US 11,875,822 B1
Performance characteristic transfer for localized content
Rohun Tripathi, Seattle, WA (US); Angshuman Saha, Cupertino, CA (US); and Naveen Sudhakaran Nair, Issaquah, WA (US)
Filed by Amazon Technologies, Inc., Seattle, WA (US)
Filed on May 19, 2022, as Appl. No. 17/748,990.
Int. Cl. G11B 27/031 (2006.01); G06V 20/40 (2022.01); G06V 10/82 (2022.01); G06V 10/774 (2022.01); G10L 25/57 (2013.01); G10L 17/02 (2013.01); G06F 40/58 (2020.01); G10L 17/18 (2013.01); G10L 17/04 (2013.01); G10L 21/013 (2013.01); G10L 17/06 (2013.01)

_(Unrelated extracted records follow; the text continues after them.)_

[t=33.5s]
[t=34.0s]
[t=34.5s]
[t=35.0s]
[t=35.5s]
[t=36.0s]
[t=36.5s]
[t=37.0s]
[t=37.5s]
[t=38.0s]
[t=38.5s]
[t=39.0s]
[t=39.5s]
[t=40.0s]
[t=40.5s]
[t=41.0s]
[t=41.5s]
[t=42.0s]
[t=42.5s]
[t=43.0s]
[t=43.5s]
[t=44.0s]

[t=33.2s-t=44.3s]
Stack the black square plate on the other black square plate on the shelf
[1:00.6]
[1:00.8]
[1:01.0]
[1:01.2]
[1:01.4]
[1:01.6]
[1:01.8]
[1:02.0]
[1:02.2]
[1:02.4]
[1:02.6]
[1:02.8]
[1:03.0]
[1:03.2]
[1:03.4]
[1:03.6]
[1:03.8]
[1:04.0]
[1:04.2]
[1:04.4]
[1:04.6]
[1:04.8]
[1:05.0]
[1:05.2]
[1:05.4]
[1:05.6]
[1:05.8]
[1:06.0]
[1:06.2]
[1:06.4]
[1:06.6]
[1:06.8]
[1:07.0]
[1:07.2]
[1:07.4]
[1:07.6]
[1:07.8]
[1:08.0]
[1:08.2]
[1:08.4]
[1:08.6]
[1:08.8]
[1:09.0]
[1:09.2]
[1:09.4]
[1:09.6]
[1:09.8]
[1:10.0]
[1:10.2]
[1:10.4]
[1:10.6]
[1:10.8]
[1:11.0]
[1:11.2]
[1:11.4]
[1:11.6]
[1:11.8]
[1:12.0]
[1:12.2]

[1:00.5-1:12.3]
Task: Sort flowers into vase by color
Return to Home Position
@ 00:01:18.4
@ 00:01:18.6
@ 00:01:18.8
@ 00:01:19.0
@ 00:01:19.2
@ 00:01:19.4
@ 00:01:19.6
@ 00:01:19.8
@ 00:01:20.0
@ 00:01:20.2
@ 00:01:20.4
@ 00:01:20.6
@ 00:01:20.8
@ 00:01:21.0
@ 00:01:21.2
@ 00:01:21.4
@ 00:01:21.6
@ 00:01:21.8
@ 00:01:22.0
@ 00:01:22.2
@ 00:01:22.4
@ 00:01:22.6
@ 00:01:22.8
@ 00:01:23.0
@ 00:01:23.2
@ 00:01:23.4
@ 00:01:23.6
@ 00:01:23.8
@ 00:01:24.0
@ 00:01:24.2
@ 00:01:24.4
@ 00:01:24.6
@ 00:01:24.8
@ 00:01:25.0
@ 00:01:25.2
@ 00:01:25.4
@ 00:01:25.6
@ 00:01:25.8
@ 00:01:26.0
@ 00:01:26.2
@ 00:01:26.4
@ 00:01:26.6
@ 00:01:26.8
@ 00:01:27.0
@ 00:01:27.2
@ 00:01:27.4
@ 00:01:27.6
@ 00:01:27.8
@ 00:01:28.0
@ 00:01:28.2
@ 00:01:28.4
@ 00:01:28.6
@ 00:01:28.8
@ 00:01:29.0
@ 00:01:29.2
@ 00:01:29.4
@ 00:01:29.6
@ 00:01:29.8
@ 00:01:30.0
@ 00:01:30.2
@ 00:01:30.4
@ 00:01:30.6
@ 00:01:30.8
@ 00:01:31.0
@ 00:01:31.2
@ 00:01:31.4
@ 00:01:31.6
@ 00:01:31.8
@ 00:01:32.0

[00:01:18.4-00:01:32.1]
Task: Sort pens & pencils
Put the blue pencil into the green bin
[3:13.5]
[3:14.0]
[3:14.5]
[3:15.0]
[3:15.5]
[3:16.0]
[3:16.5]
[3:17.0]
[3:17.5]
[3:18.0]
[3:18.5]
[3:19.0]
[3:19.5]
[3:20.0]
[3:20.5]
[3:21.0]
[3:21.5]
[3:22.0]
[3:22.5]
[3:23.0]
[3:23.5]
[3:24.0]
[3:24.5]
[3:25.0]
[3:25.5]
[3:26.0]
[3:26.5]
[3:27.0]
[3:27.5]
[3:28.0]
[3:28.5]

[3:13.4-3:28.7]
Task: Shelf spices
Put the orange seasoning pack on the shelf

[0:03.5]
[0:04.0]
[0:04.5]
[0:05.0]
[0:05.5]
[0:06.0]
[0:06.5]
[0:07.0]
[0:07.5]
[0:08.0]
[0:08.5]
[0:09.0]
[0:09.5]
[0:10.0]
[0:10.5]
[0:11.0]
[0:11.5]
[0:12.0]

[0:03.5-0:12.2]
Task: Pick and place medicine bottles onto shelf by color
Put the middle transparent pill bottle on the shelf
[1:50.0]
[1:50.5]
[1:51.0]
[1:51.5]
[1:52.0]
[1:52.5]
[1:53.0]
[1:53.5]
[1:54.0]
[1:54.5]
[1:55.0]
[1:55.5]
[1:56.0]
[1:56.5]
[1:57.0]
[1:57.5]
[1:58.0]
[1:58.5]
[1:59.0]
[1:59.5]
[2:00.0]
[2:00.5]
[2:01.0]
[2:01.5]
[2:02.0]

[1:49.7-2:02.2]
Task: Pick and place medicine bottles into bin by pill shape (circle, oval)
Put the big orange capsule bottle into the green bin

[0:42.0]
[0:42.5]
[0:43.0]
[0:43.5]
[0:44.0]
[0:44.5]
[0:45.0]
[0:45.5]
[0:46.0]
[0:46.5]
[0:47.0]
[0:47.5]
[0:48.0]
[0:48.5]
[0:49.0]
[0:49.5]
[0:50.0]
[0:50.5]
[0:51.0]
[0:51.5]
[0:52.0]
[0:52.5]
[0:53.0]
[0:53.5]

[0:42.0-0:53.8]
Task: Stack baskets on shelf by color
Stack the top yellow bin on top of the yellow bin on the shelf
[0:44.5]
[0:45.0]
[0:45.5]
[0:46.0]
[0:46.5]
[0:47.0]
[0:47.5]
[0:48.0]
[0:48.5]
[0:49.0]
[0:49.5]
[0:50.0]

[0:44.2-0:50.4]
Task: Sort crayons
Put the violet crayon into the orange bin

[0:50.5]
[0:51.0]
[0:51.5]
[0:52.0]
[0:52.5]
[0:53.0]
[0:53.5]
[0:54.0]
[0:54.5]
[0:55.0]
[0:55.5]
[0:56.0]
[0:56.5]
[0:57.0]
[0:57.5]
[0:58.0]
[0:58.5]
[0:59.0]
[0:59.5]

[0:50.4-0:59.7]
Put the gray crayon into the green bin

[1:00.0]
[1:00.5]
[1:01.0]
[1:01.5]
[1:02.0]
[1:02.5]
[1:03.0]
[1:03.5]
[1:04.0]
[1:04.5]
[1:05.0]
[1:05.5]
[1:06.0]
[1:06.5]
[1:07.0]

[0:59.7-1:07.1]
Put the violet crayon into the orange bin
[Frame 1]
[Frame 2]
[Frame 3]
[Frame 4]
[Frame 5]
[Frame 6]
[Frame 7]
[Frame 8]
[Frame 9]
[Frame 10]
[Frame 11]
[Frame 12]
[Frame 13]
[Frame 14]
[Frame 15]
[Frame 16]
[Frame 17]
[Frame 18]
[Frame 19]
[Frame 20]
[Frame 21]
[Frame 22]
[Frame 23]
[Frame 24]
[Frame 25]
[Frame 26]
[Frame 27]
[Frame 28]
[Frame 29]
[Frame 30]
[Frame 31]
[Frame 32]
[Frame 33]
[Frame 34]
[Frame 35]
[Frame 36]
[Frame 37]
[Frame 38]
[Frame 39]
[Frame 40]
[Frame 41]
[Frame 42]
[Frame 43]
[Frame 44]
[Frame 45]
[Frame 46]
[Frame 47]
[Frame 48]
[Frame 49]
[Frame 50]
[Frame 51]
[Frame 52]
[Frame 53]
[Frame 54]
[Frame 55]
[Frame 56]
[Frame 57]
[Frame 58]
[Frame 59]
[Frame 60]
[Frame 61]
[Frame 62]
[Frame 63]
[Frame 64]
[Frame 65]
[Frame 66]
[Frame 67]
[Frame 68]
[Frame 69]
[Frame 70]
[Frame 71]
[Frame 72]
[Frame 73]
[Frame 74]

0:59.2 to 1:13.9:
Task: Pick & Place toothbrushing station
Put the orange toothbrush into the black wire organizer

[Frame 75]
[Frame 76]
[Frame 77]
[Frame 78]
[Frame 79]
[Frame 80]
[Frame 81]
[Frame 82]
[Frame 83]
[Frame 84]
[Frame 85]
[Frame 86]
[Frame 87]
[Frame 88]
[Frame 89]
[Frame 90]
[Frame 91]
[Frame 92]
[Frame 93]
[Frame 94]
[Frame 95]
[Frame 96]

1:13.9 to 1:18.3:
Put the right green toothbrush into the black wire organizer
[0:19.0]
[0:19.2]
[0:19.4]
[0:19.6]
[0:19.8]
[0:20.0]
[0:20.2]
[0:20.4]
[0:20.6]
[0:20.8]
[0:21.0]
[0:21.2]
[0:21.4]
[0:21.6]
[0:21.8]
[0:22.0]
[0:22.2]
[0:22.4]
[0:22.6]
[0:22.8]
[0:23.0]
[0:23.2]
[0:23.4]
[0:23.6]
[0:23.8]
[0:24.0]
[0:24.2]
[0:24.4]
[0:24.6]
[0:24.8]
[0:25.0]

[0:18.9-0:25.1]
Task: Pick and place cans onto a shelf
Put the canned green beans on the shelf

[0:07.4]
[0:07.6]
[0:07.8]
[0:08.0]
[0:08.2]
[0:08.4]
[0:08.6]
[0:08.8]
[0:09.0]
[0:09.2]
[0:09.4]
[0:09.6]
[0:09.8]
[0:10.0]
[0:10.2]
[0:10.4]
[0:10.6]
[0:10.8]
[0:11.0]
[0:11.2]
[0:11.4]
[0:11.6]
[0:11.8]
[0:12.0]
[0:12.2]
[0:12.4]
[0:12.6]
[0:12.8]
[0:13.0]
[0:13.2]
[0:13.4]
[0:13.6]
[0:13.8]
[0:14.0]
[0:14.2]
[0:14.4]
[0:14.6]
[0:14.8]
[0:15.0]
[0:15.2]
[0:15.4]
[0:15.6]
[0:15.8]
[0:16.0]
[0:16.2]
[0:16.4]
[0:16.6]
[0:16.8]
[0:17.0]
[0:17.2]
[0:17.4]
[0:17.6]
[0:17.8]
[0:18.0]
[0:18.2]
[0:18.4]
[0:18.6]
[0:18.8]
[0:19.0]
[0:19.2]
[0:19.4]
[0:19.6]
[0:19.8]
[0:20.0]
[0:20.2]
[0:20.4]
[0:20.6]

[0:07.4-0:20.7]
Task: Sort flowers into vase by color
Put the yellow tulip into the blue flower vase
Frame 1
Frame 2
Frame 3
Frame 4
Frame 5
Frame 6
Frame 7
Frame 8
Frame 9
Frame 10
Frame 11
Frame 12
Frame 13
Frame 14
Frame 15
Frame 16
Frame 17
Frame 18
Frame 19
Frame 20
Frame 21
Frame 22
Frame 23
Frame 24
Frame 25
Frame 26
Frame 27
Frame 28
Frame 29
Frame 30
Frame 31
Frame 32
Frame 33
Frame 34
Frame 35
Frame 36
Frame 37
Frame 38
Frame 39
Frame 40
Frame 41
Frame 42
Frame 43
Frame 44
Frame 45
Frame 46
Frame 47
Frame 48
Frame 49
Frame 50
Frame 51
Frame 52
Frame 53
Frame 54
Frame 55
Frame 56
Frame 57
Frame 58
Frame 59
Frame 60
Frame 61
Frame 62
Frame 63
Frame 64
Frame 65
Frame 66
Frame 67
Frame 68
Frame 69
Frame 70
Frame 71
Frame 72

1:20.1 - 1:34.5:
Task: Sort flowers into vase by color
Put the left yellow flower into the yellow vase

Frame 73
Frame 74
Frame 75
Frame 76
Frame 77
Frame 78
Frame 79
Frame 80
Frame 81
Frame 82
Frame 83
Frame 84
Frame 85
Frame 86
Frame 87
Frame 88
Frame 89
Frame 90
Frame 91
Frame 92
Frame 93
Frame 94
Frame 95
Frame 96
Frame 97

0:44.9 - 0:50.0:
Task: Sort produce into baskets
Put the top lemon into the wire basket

CPC G11B 27/031 (2013.01) [G06F 40/58 (2020.01); G06V 10/774 (2022.01); G06V 10/82 (2022.01); G06V 20/41 (2022.01); G10L 17/02 (2013.01); G10L 17/04 (2013.01); G10L 17/06 (2013.01); G10L 17/18 (2013.01); G10L 21/013 (2013.01); G10L 25/57 (2013.01); G10L 2021/0135 (2013.01)] 20 Claims
OG exemplary drawing
 
1. A method comprising: receiving first audio data associated with a first performance in a first language; dividing the first audio data into a plurality of audio clips; determining, using a processor, a voice identity score for an audio clip of the plurality of audio clips by using an autoencoder configured to minimize a reconstruction loss between a first output of the autoencoder and a randomly selected audio clip of the plurality of audio clips; determining a voice identity embedding for the first performance based on the voice identity score; generating second audio data by translating the first audio data from the first language into a second language, wherein translating the first audio data comprises using a machine learning model that implements the voice identity embedding of the autoencoder to preserve the voice identity; determining a performance characteristic score of the second audio data by using a twin neural network trained using contrastive learning based on a first training set and a second training set, wherein: the first training set comprises third audio data including positive examples; and the second training set comprises fourth audio data including negative examples, the negative examples identified based on the fourth audio data being temporally misaligned or the fourth audio data having an altered performance characteristic; and determining, using the processor, a loss based on a second output of the machine learning model and the performance characteristic score; and iteratively re-generating the second audio data, using the machine learning model, based on the loss.